Spend enough time reading financial news or corporate annual reports and you're bound to come across the term "gross earnings," which can also be expressed as "gross income" or "gross profit." The figure is important because it's the starting point for many financial calculations. And whether it's describing earnings at a multinational corporation or your own personal salary, "gross earnings" differs from "net earnings" in exactly the same way.

When used as a financial adjective, "gross" simply means "without deduction," or "total." And so the term "gross earnings" refers to all of an entity's income. For a person, that means your total salary before any of the common deductions like taxes and retirement contributions are removed.

For a company, gross earnings is often found on the third line on the income statement. The first line is usually sales, or revenue. The second line is usually some form of cost for that revenue, or "cost of goods sold." Subtract cost of goods sold from sales and you have calculated gross earnings. Then you just make the appropriate deductions to arrive at net earnings.

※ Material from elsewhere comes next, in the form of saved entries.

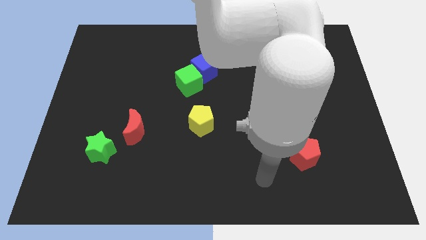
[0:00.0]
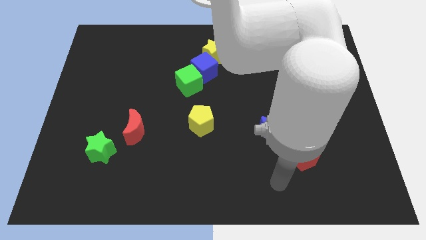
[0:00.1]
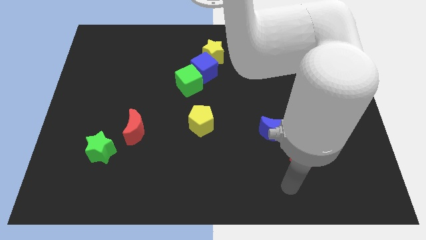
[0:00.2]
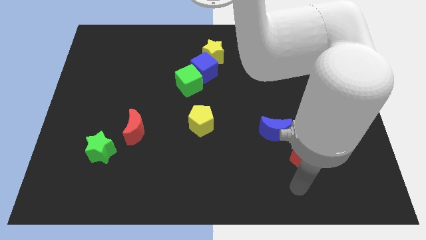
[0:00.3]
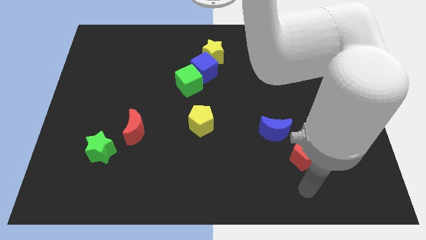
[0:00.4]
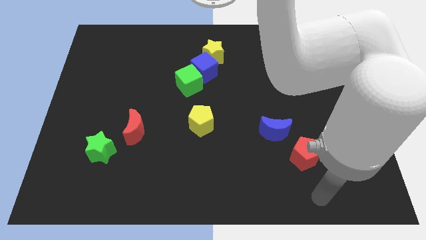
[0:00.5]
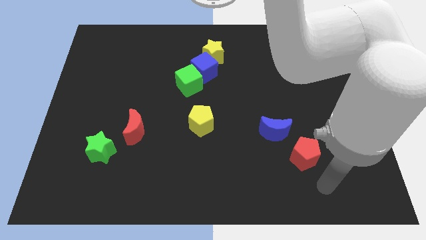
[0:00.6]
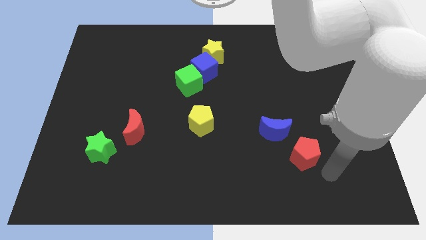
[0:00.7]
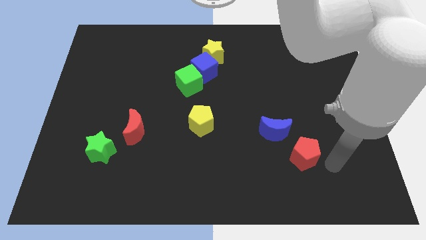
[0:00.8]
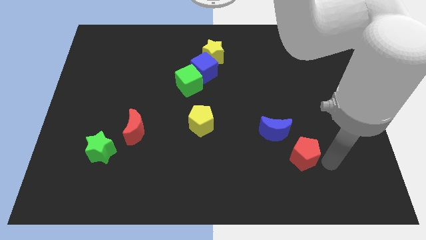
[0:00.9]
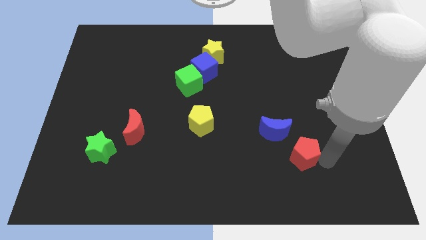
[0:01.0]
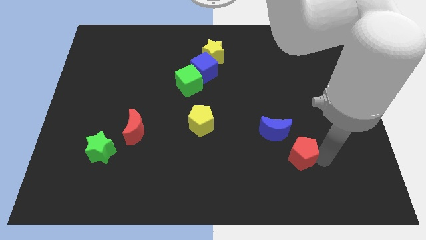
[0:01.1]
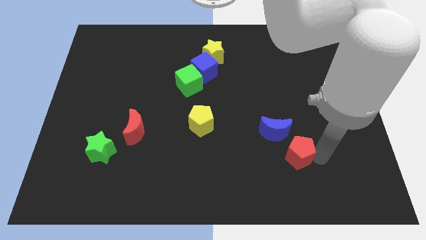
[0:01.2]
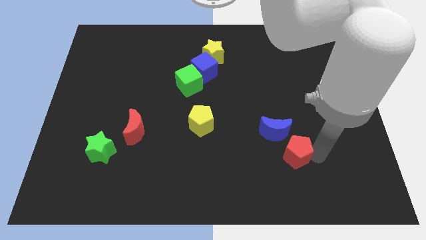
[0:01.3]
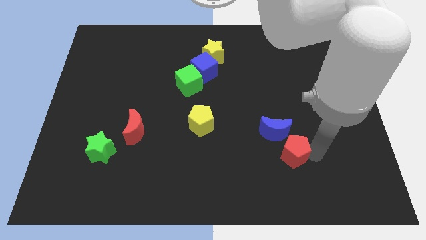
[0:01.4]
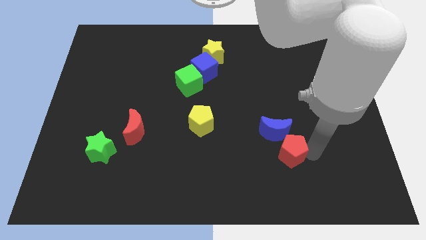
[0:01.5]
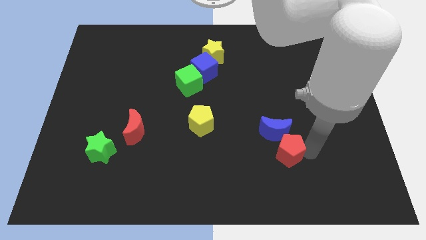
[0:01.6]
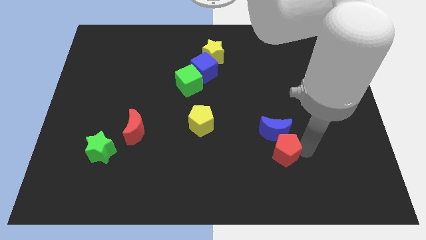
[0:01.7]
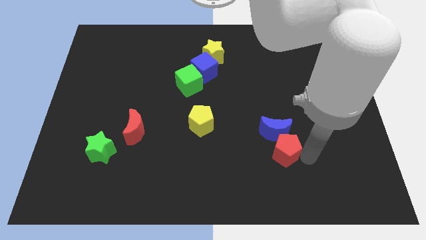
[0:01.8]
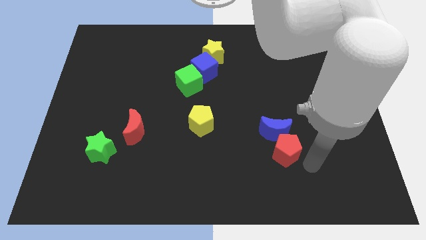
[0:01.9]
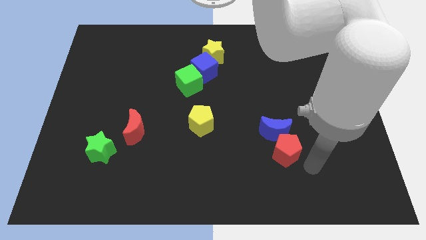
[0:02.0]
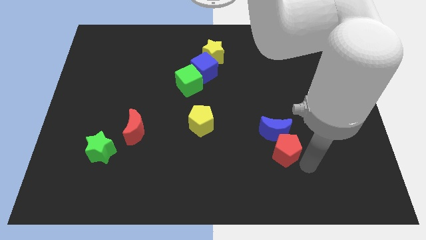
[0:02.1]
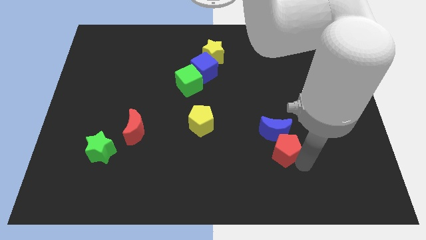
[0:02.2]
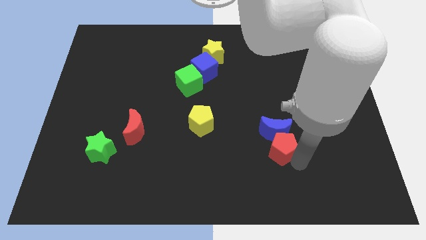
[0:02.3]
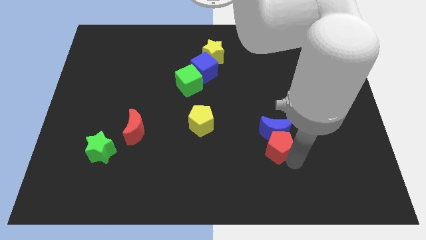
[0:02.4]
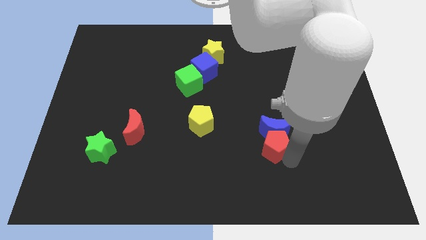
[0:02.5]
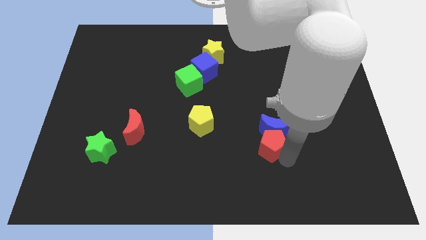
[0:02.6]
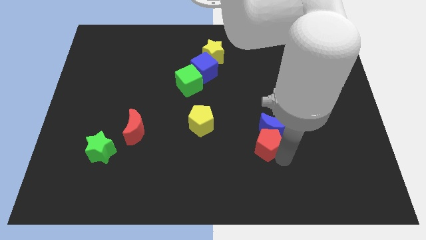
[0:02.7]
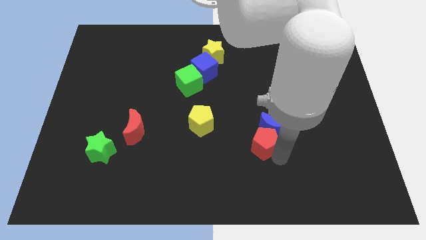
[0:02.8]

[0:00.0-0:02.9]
move the red pentagon diagonally upwards and to the left somewhat

Let's look at a real-world example.

Coca-Cola sells a lot of beverages -- 1.9 billion drink servings per day, to be exact. And those sales generated $46 billion of revenue in 2014.

Image source: Coca-Cola.

But the genius of Coke's business model involves the fact that its products aren't expensive to manufacture. Cost of sales in 2014 was a relatively tiny $18 billion. So, Coke's gross profit in that period was $46 billion minus $18 billion, or $28 billion.

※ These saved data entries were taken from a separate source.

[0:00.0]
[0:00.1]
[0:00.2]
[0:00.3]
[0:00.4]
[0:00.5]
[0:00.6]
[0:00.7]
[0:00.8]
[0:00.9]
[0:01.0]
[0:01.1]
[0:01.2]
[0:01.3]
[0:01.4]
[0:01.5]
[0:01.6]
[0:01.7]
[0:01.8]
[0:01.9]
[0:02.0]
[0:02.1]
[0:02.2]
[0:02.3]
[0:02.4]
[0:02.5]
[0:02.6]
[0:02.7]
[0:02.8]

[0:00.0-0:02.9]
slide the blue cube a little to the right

From there, it's only a tiny step to another critical investing figure: gross profit margin. Simply divide gross profit by revenue to arrive at that result ($28 billion divided by $46 billion in this case, or 61%). Coke's 61% gross margin makes it one of the most profitable companies on the planet.

Yet Coke's costs go far beyond just manufacturing expenses. The soda king has to market those products by spending billions of dollars on advertising. It also has to pay the salaries of its army of sales employees. And it has to pay taxes. After deducting expenses like those, Coke had $7.1 billion of "net income" left in 2014. Again, we can divide that number by the sales figure to arrive at a (still healthy) net profit margin of 15%.

We now have loads of information about Coke's business, just thanks to these few figures. We know it has incredible pricing power because it can sell its products at a substantial premium to their cost of production. And we know that, after distributors, employees, and ad agencies get their respective cuts, net earnings, the bottom line for shareholders, is an impressive double-digits.